June Body

Story

It’s the spring of 2017. Connor James is on the couch when Alex Callaghan stumbles through the front door. “Sorry, I didn’t mean to barge in on you like that. I was expecting there to have been a mudroom.” It’s the first time the two are meeting. Alex puts down his guitar and wipes off the half-frozen Halifax slush he tracked in. He’s there in response to an ad Connor had posted online earlier that week. “Looking for musicians to join a project called June Body,” it read. “FFO: Death Cab for Cutie and Jimmy Eat World.” A musical bond is tethered between them almost instantaneously. From the moment they begin rehearsing what will become the first June Body songs, they unknowingly set into motion a new wave of Halifax rock lore. A week later, the two are trying to find a way to fit a drum kit into Connor’s bedroom. It’s their idea of a studio–and it’s in that North Park Street bedroom in Halifax that they will track the debut June Body album, Star for You (2017).

“Thirty seconds, guys!” says the stage manager. Six years have passed. It’s the spring of 2023, and a fully-formed rock trio called June Body is thirty seconds away from opening for The Beaches in front of a sold-out, two thousand-person crowd. The band now has years of touring around the country under their belt–countless performances that have prepared them for this opportunity. The newest addition to the band, Matt Schofield, goes up the ramp first and sits behind the kit. The other two are close behind. The crowd roars. The amps come out of standby, and for thirty minutes, the two thousand in attendance are glued to the infectious rock sound the trio has been incubating for six years. The songs are new to nearly everyone in attendance–yet a nostalgic familiarity permeates the rhythms, and has everyone bopping and moving in time with one another. Connor James’ memorable one-liners, soaring vocal harmonies, and hooky passages begin to give way to unexpected explosiveness. Without warning, the poetry is backed by insane stage action. The band is unleashed in the bridge of “Living Inside,” with forcefully gritty guitars in odd rhythm pulling raised hands and cheers toward them. Like a blur, the set is over, and the band is hightailing it to their merch table in the lobby. They arrive to find dozens patiently waiting in line to buy their June Body shirts, and greet the band that had seemingly just come out of nowhere.

“Why don’t we build our own studio for this record? We did it with Star for You, and we can do it again, but better.” It’s a suggestion that’s welcomed by every band member, and it sets into motion plans to convert Matt’s ancient family cottage into a studio to record a new album in the summer of 2023. Of course, the band would have to live there until the record was done. The rickety wooden “studio” is far out of town, built on the ocean along the Northumberland Strait. For a week, the band would channel the June Body they had always been since the very start–stuffing amplifiers into different rooms, locking each other in makeshift vocal booths, and precariously hanging the most expensive microphones they had ever rented from the loft–all in the name of DIY experimentation. They would sleep surrounded by all the gear they had managed to fit inside. And on the last night of May 2023, the three would agree they had finished the album. They would strip down, wade into the ocean just as the sun set, and give it a name: Last Everythings.

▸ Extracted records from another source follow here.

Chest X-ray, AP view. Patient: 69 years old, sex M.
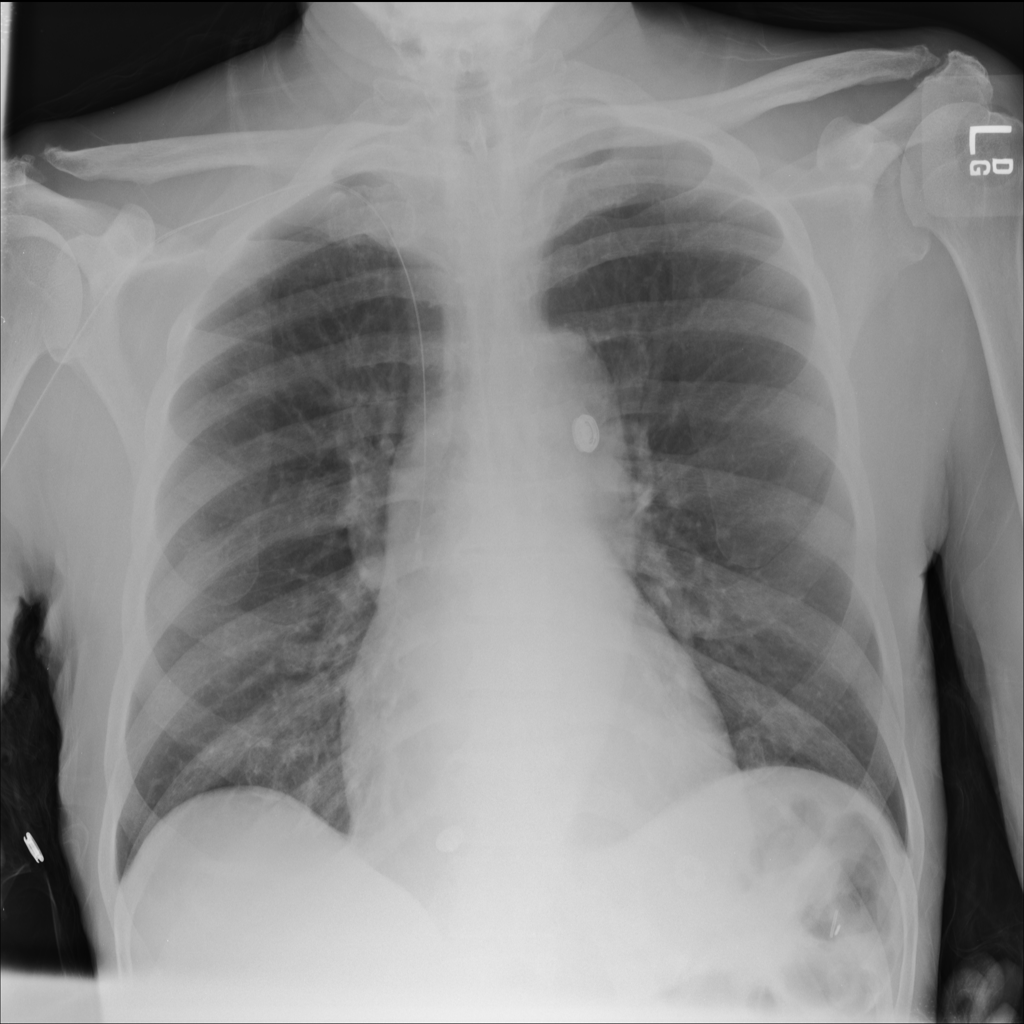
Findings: No Finding

Last Everythings (2024) sounds like June Body in their truest form. It’s a culmination of the band’s growth on a musical and personal level, and is their first outing to feature the post-production prowess of an indie rock legend, Jace Lasek. Having mixed and produced beautifully organic-sounding records for Land of Talk, Godspeed You! Black Emperor, and The Besnard Lakes–the Juno and Polaris Prize-winning engineer felt like an obvious choice. Lasek has delivered a high-fidelity, large rock record that by no stroke of luck, bears the definitive June Body sound. The album will be the trio’s first vinyl release, after signing with the Halifax boutique label Fresh Biscuits Records to release a limited edition colour-vinyl run.

The band’s sophomore release, Life from Underneath (2018), foreshadowed their current sonic tastes. Its punchy production on songs like “Plan for Us” indicated a divergence from the tender and thin aesthetic of songs on their debut, such as “Hospital Bed Clothes” and “Exit Signs.” Life from Underneath also served to kickstart June Body’s touring career. This incubated the prospective sound of their follow-up album, Never Here for Long (2021), where the goal was to make a record that made the listener feel as though they were in the crowd at a June Body show. It is inherently raw, imperfect, and gritty. The album solidified a sense of tragic specificity and forthrightness as a staple of Connor James’ lyrical style. “I was writing songs about leaving the relationship I was in, and I didn’t even know it,” says Connor James on the lyrics for Never Here for Long. The new album, Last Everythings, is a snow globe of the scenes before, during, and after a breakup. It is a venture into the subtle, heartbreaking domestic details of an ending.

But for June Body, this is only the beginning.